His books presented a systematic classification of carefully observed and verified facts regarding chemical substances, reactions, and apparatus, described in a language almost entirely free from mysticism and ambiguity. Al-Razi’s two best-known alchemical texts, which largely superseded his earlier ones, were al-Asrar (The Secrets), and Sirr al-Asrar (The Secret of Secrets). Kitab-al-Asrar (Book of Secrets), written in response to a request from Razi’s friend and former student, Abu Mohammed ben Yunis, classified substances into plants, animals, and minerals, laying a foundation for inorganic and organic chemistry. Sirr al-Asrar (The Secret of Secrets) identified the drug components of plant, animal, and mineral substances and the best type of each for utilization in treatment.

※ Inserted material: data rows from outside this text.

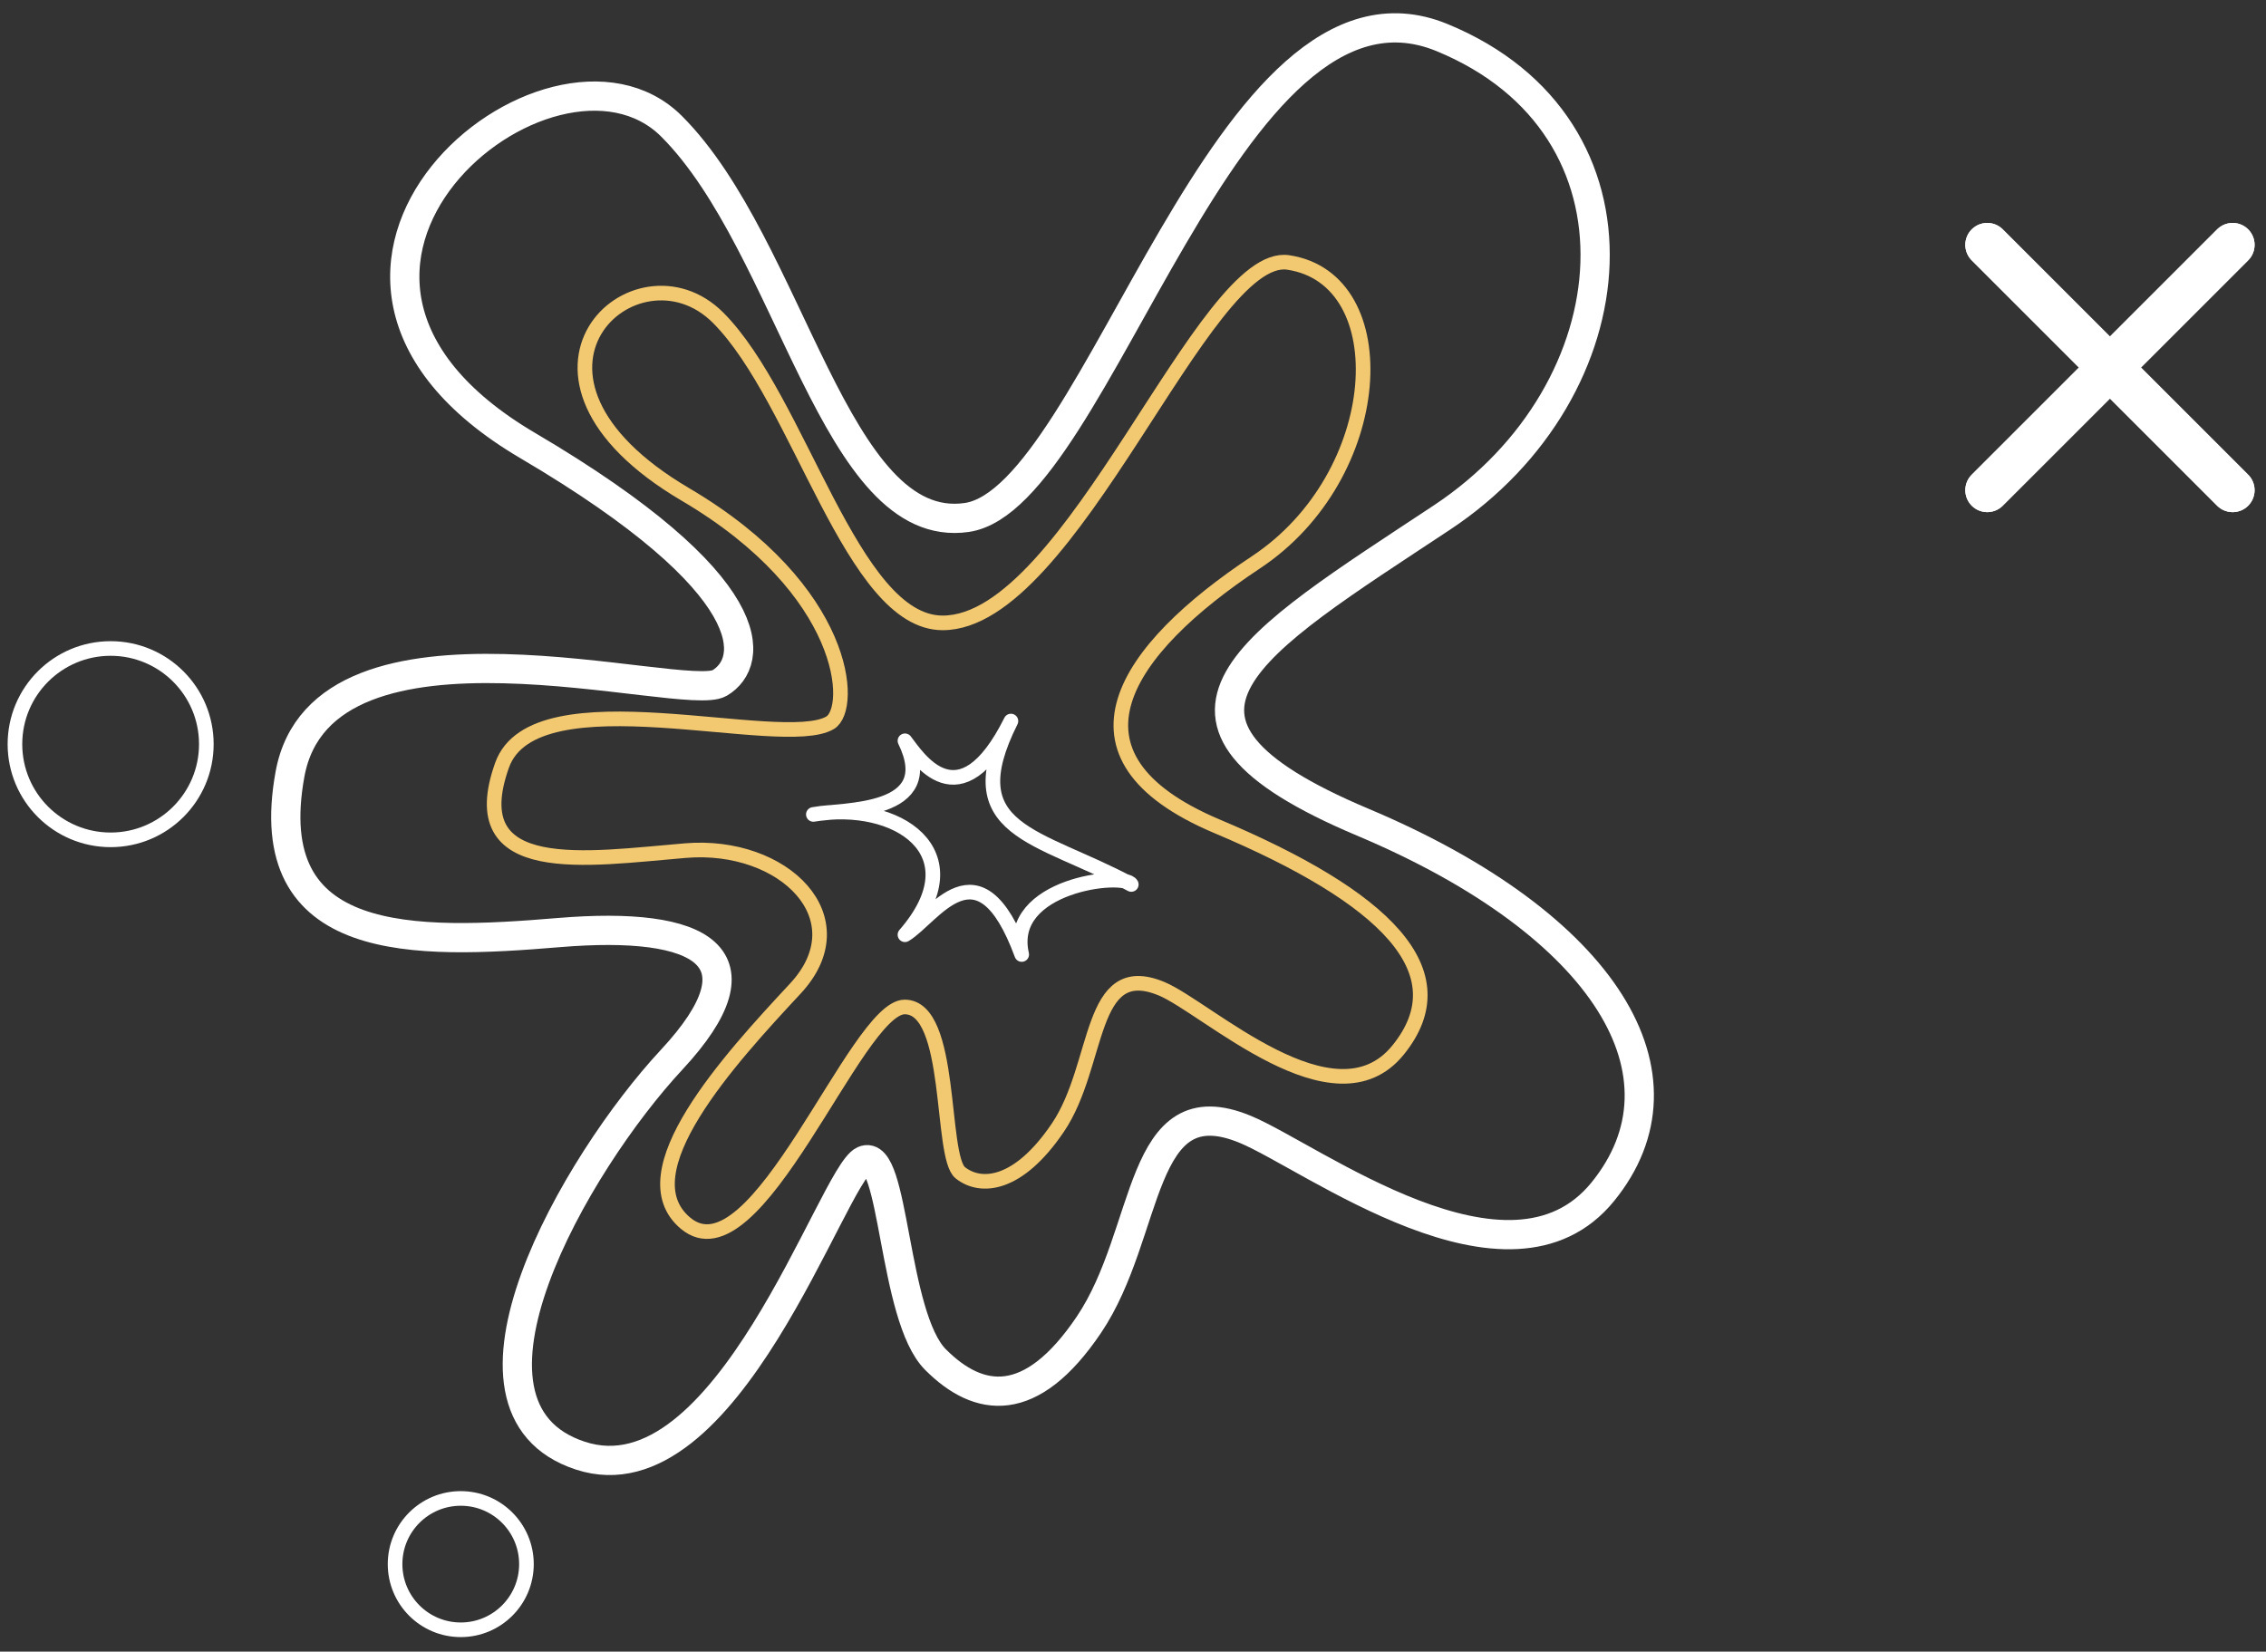 <svg width="155" height="113" viewBox="0 0 155 113" fill="none" xmlns="http://www.w3.org/2000/svg">
<rect x="0" y="0" width="155" height="113" fill="#333333" stroke="none"/>
<path d="M135.932 16.752L152.719 33.539" stroke="white" stroke-width="3" stroke-linecap="round"/>
<path d="M135.932 16.752L152.719 33.539" stroke="white" stroke-width="3" stroke-linecap="round"/>
<path d="M152.719 16.752L135.932 33.538" stroke="white" stroke-width="3" stroke-linecap="round"/>
<path d="M152.719 16.752L135.932 33.538" stroke="white" stroke-width="3" stroke-linecap="round"/>
<circle cx="7.568" cy="50.914" r="6.546" stroke="white"/>
<circle cx="31.517" cy="107.013" r="4.493" stroke="white"/>
<path d="M36.089 30.479C52.374 40.066 51.63 45.309 49.222 46.731C46.814 48.154 22.089 40.61 19.836 52.97C17.648 64.975 28.373 64.626 38.223 63.805C48.073 62.984 52.505 65.446 45.939 72.506C39.372 79.565 29.686 96.31 39.7 99.593C49.715 102.877 56.938 80.386 59.072 79.401C61.206 78.416 61.042 90.072 63.997 93.027C66.952 95.982 70.513 96.518 74.479 90.642C78.745 84.323 77.797 74.212 85.175 77.266C89.725 79.151 103.233 89.415 109.636 81.535C116.038 73.655 109.964 63.312 93.219 56.253C76.474 49.194 85.503 44.105 98.637 35.404C111.77 26.703 113.412 8.644 98.637 2.57C83.862 -3.504 75.161 34.09 66.131 35.404C57.102 36.717 54.147 16.853 45.939 8.644C37.73 0.436 15.732 18.494 36.089 30.479Z" stroke="white" stroke-width="2"/>
<path d="M46.891 33.832C58.005 40.375 58.422 48.48 56.779 49.451C53.467 51.408 36.583 46.078 34.343 52.352C31.542 60.195 40.169 58.756 46.891 58.196C53.613 57.635 58.879 62.825 54.397 67.643C49.916 72.46 42.774 80.239 46.891 83.688C51.745 87.755 58.545 68.894 61.883 68.894C65.222 68.894 64.285 79.125 65.689 80.239C67.093 81.353 69.658 81.153 72.365 77.143C75.276 72.831 74.41 65.558 79.445 67.643C82.551 68.928 91.257 77.224 95.627 71.847C99.996 66.469 94.685 61.356 83.257 56.538C71.83 51.721 76.946 44.41 85.909 38.473C94.872 32.535 95.627 19.081 88.12 17.957C82.34 17.091 73.313 42.616 64.481 42.616C58.254 42.616 54.717 27.335 49.115 21.733C43.513 16.131 32.998 25.653 46.891 33.832Z" stroke="#F2C870"/>
<path d="M55.635 55.721C57.682 55.352 64.358 55.721 61.901 50.683C62.761 51.789 65.612 56.409 69.15 49.332C65.341 56.95 70.993 57.072 77.383 60.513C76.915 59.654 68.782 60.513 69.888 65.305C66.939 57.318 63.874 62.769 61.901 63.953C66.816 58.301 61.336 54.738 55.635 55.721Z" stroke="white" stroke-linejoin="round"/>
</svg>

It also listed the equipment and tools needed by either an alchemist or apothecary, and described seven alchemical procedures and techniques: Sublimation and condensation of mercury; precipitation of sulfur and arsenic; calcination of minerals (gold, silver, copper, lead, and iron); salts; glass; production of talc from animal shells; and waxing. He also described the use of solvents and heat, and identified which stones contained mineral ores and salts. His alchemical stockroom contained the products of Persian mining and manufacturing, and included sal ammoniac, a Chinese discovery.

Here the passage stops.